In this work, we propose an efficient Video-Language Alignment (ViLA) network. Our ViLA model addresses both efficient frame sampling and effective cross-modal alignment in a unified way. In our ViLA network, we design a new learnable text-guided Frame-Prompter together with a new cross-modal distillation (QFormer-Distiller) module. Pre-trained large image-language models have shown promising results on problems such as visual question answering (VQA). However, how to efficiently and effectively sample video frames when adapting pre-trained large image-language model to video-language alignment is still the major challenge. Compared with prior work, our ViLA model demonstrates the capability of selecting key frames with critical contents, thus improving the video-language alignment accuracy while reducing the inference latency +3.3% on NExT-QA Temporal with 3.0X speed up). Overall, our ViLA network outperforms the state-of-the-art methods on the video question-answering benchmarks: +4.6% on STAR Interaction, +2.2% on STAR average with 3.0X speed up, ours 2-frames out-perform SeViLA 4-frames on the VLEP dataset with 4.2X speed-up. The code will be available at https://github.com/xijun-cs/ViLA.
Paper Structure (24 sections, 10 equations, 5 figures, 5 tables)

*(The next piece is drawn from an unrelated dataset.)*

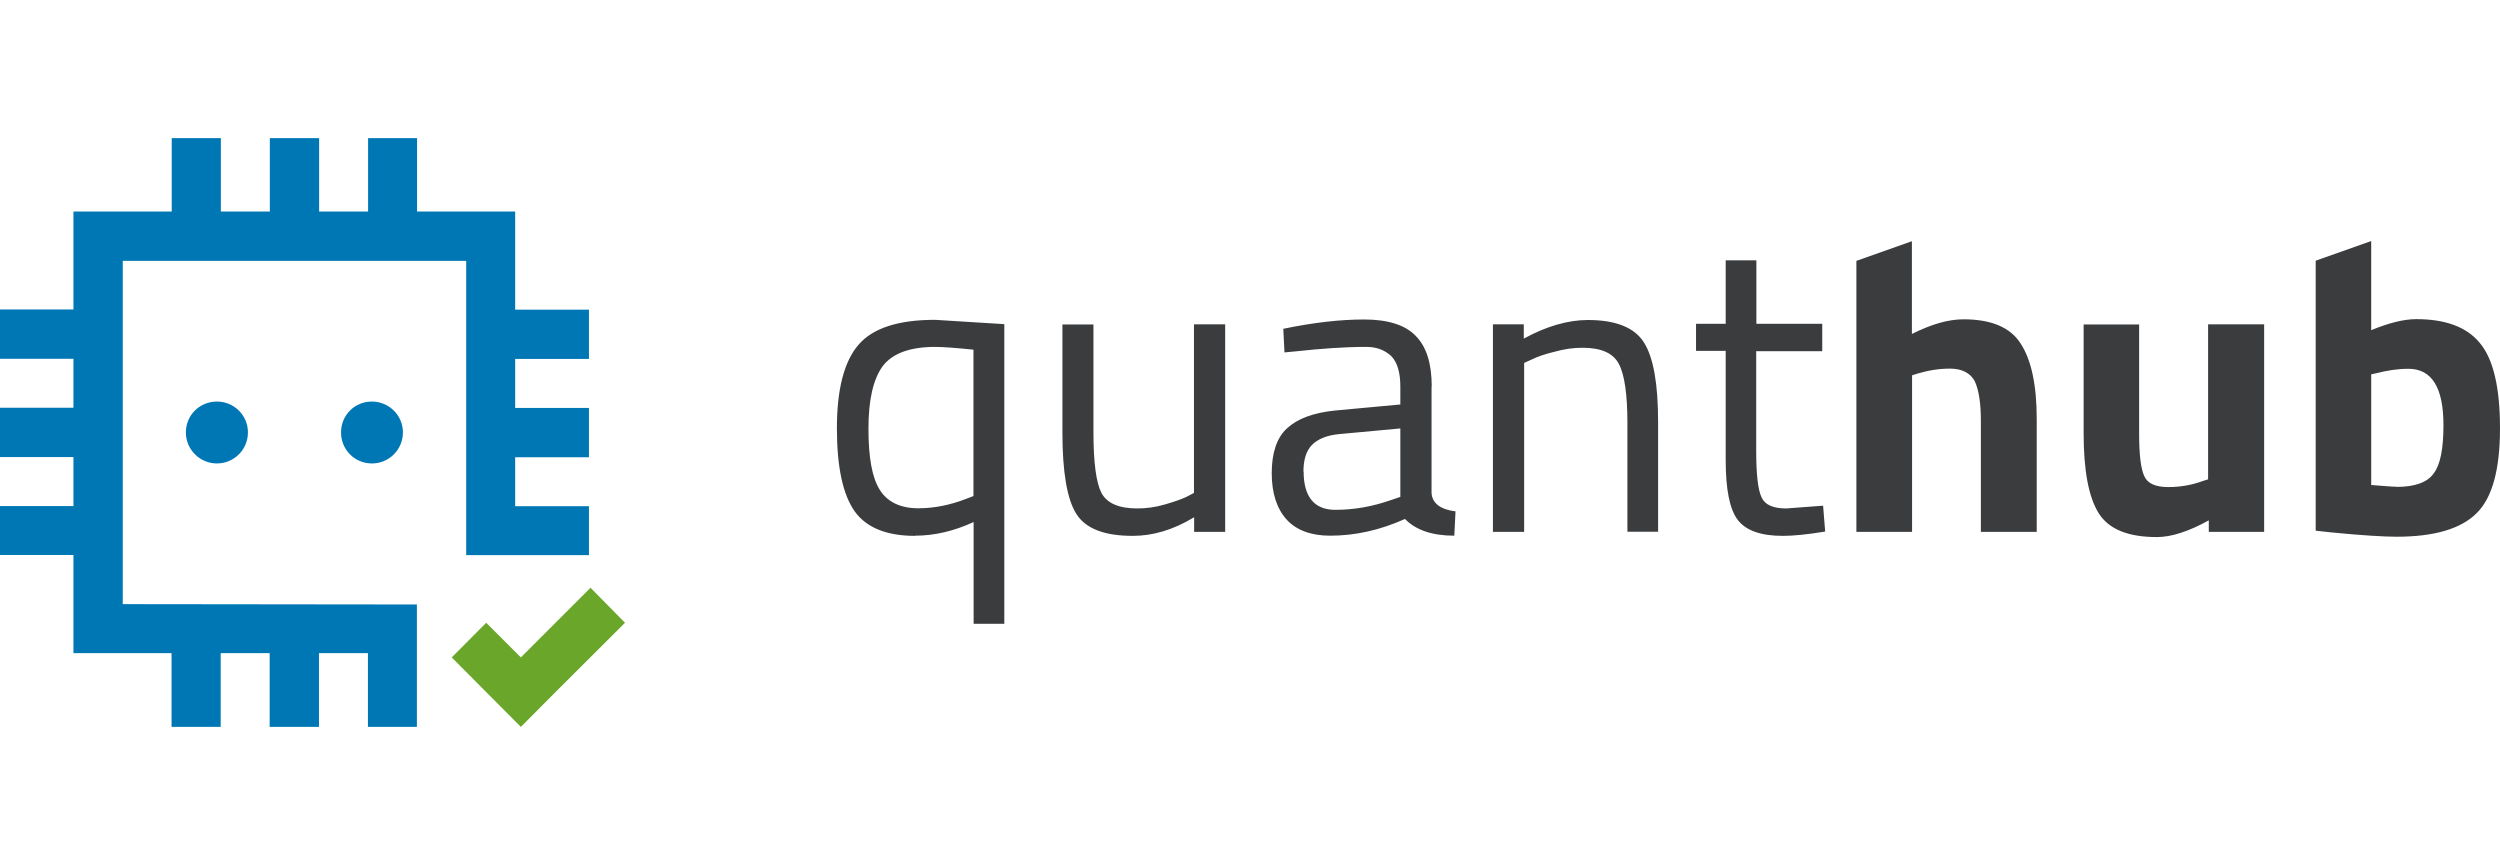 <?xml version="1.0" encoding="UTF-8"?> <svg xmlns="http://www.w3.org/2000/svg" id="Layer_1" data-name="Layer 1" viewBox="0 0 145 50.17"><defs><style> .cls-1 { fill: #3a3c3e; } .cls-1, .cls-2, .cls-3 { stroke-width: 0px; } .cls-2 { fill: #69a62a; fill-rule: evenodd; } .cls-3 { fill: #0077b5; } </style></defs><path class="cls-3" d="M9.96,12.27v-4.26h2.85v4.26h2.84v-4.26h2.86v4.26h2.84v-4.26h2.84v4.26h5.69v5.69h4.28v2.86h-4.28v2.84h4.28v2.86h-4.28v2.84h4.28v2.84h-7.12V15.13H7.12v19.91l17.06.02v7.1h-2.84v-4.28h-2.84v4.28h-2.86v-4.28h-2.84v4.28h-2.85v-4.28h-5.69v-5.69H0v-2.84h4.26v-2.84H0v-2.86h4.26v-2.84H0v-2.86h4.26v-5.68h5.7ZM12.58,23.29c.99,0,1.8.79,1.8,1.79s-.81,1.8-1.8,1.8-1.8-.81-1.8-1.8.79-1.79,1.8-1.79h0ZM21.57,23.29c-1,0-1.79.79-1.79,1.79s.79,1.8,1.79,1.8,1.8-.81,1.8-1.8-.81-1.79-1.8-1.79h0Z"></path><polygon class="cls-2" points="26.2 38.13 28.2 36.12 30.21 38.13 34.25 34.09 36.25 36.12 32.22 40.14 30.21 42.16 28.2 40.14 26.2 38.13"></polygon><path class="cls-1" d="M53.07,31.08c-1.62,0-2.8-.46-3.49-1.41-.69-.97-1.04-2.57-1.04-4.83s.42-3.88,1.25-4.84c.83-.97,2.31-1.45,4.44-1.45l4.02.25v17.38h-1.78v-5.9c-1.14.52-2.26.79-3.4.79h0ZM54.25,20.12c-1.5,0-2.52.39-3.07,1.14-.54.76-.81,1.95-.81,3.61s.21,2.82.65,3.53c.44.71,1.2,1.08,2.24,1.08.93,0,1.85-.19,2.76-.54l.44-.17v-8.49c-1-.1-1.74-.16-2.22-.16h0ZM69.26,18.81h1.8v12.04h-1.8v-.85c-1.22.74-2.39,1.08-3.57,1.08-1.64,0-2.72-.42-3.26-1.27s-.81-2.43-.81-4.72v-6.27h1.8v6.25c0,1.76.16,2.93.46,3.51.31.6,1,.91,2.08.91.52,0,1.06-.07,1.6-.23.56-.16.97-.31,1.25-.44l.44-.23v-9.76h0ZM83.03,22.43v6.17c.04.58.5.95,1.39,1.06l-.07,1.41c-1.25,0-2.22-.31-2.86-.97-1.45.65-2.89.97-4.34.97-1.1,0-1.95-.31-2.52-.93-.58-.64-.87-1.54-.87-2.7s.29-2.05.88-2.59c.6-.56,1.52-.91,2.8-1.04l3.78-.35v-1.04c0-.81-.18-1.41-.52-1.76-.37-.35-.85-.54-1.45-.54-1.29,0-2.62.1-4.01.25l-.74.07-.07-1.37c1.78-.37,3.33-.54,4.69-.54s2.38.31,2.99.95c.62.62.93,1.6.93,2.93h0ZM75.61,27.35c0,1.46.62,2.22,1.83,2.22,1.1,0,2.16-.19,3.22-.56l.56-.19v-3.97l-3.57.33c-.71.07-1.23.29-1.57.64-.33.35-.48.87-.48,1.54h0ZM88.4,30.85h-1.81v-12.04h1.79v.83c1.29-.71,2.55-1.08,3.72-1.08,1.62,0,2.7.44,3.24,1.29.56.87.83,2.41.83,4.63v6.36h-1.78v-6.31c0-1.67-.17-2.82-.5-3.43-.33-.62-1.02-.93-2.1-.93-.52,0-1.06.07-1.62.23-.58.14-1,.29-1.31.44l-.46.21v9.78h0ZM105.68,20.37h-3.82v5.75c0,1.39.1,2.29.31,2.72.19.44.67.65,1.43.65l2.14-.16.12,1.5c-1.08.18-1.89.25-2.45.25-1.25,0-2.12-.29-2.61-.91-.48-.62-.71-1.78-.71-3.49v-6.33h-1.72v-1.57h1.72v-3.68h1.78v3.68h3.82v1.57h0ZM110.89,30.85h-3.22v-15.72l3.22-1.14v5.38c1.12-.56,2.1-.85,2.99-.85,1.6,0,2.72.46,3.32,1.41.62.95.93,2.41.93,4.38v6.54h-3.24v-6.47c0-1-.12-1.76-.35-2.26-.25-.48-.74-.74-1.44-.74-.64,0-1.25.1-1.89.29l-.31.1v9.07h0ZM128.08,18.81h3.24v12.04h-3.21v-.67c-1.16.64-2.16.97-3.01.97-1.68,0-2.8-.46-3.38-1.39s-.87-2.47-.87-4.63v-6.31h3.22v6.35c0,1.2.1,2.01.29,2.43.19.44.65.65,1.41.65.69,0,1.37-.12,1.99-.35l.31-.1v-8.99h.01ZM140.14,18.51c1.67,0,2.91.44,3.68,1.37.79.93,1.18,2.59,1.18,4.96s-.44,4.02-1.35,4.92c-.91.91-2.45,1.37-4.65,1.37-.69,0-1.95-.07-3.78-.25l-.91-.1v-15.66l3.22-1.14v5.17c1.02-.42,1.89-.64,2.61-.64h0ZM139,28.24c1.08,0,1.8-.27,2.16-.79.39-.52.56-1.45.56-2.8,0-2.16-.67-3.26-2.03-3.26-.64,0-1.25.1-1.83.25l-.33.07v6.42c.74.06,1.23.1,1.46.1h0Z"></path></svg>

This paper contains 24 sections, 10 equations, 5 figures, 5 tables.

Figures (5)

  • Figure 1: Our efficient Vision-Language Alignment (ViLA) model via Frame-Promper and distilling contains two new modules: a text-guided Frame-Prompter and a cross-modal QFormer-Distiller. It learns to extract the most question-related frames while keeping the inference latency low.
  • Figure 2: Model Overview. Our ViLA model includes 4 sub-modules: the visual encoder, text-supervised Frame-Prompter (FP), QFormer-Distiller (QFD), and a LLM. We encode the video frames through a frozen visual encoder. Then we train the Teacher-QFormer using all the frame features. After that, we train the Student-QFormer and Frame-Prompter end-to-end. Unlike the Teacher-QFormer, our Student-QFormer is trained with masked frames features from a text-supervised Frame-Prompter. Finally, the input question text and QFormer transformed visual features go through a frozen large language model to generate the answer. Our network supports both leveraging LLM through proper visual prompting without affecting the original LLM (Frozen) ability on language tasks and finetuning LLMs(LoRA) simultaneously to get optimal performance on specific tasks.
  • Figure 3: Text-guided Frame-Prompter. Here we show the details of our learnable text-guided Frame-Prompter. We design a learnable Frame-Prompter to sample the most text query-related frames, with two design choises (a and b). We choose design (a) for diversified temporal sampling. We first encode the mean-pooled segment features. We then apply the Gumbel Softmax to compute the segment mask to guarantee the differentiability. The selected frames embedding then goes through the QFormer-Distiller. Here $B$ means batch size, $T$ means frame number, $N\times C$ means the frame feature sequences. The Frame-Prompter is learned with the text-supervised gradient. When VQA loss is applied, the input question text-related gradient further flows to the Frame-Prompter. The question text-related gradient guides the Frame-Prompter to select the most critical frames.
  • Figure 4: Key-frame Selection Comparison Results (select 4 frames from 32 frames). We compare frames selected by our ViLA compared with that from the SOTA SeViLA yu2023self method. Across different type of questions, especially the Causal, Temporal type questions, keyframes selected by our network is more relevant and better related to the question.
  • Figure 5: QFormer-Distiller Results Visualization. Here we visualize the keyframes selected after cross-modal distillation. After distillation, we can select the most question-relevant frames even from 16 frames.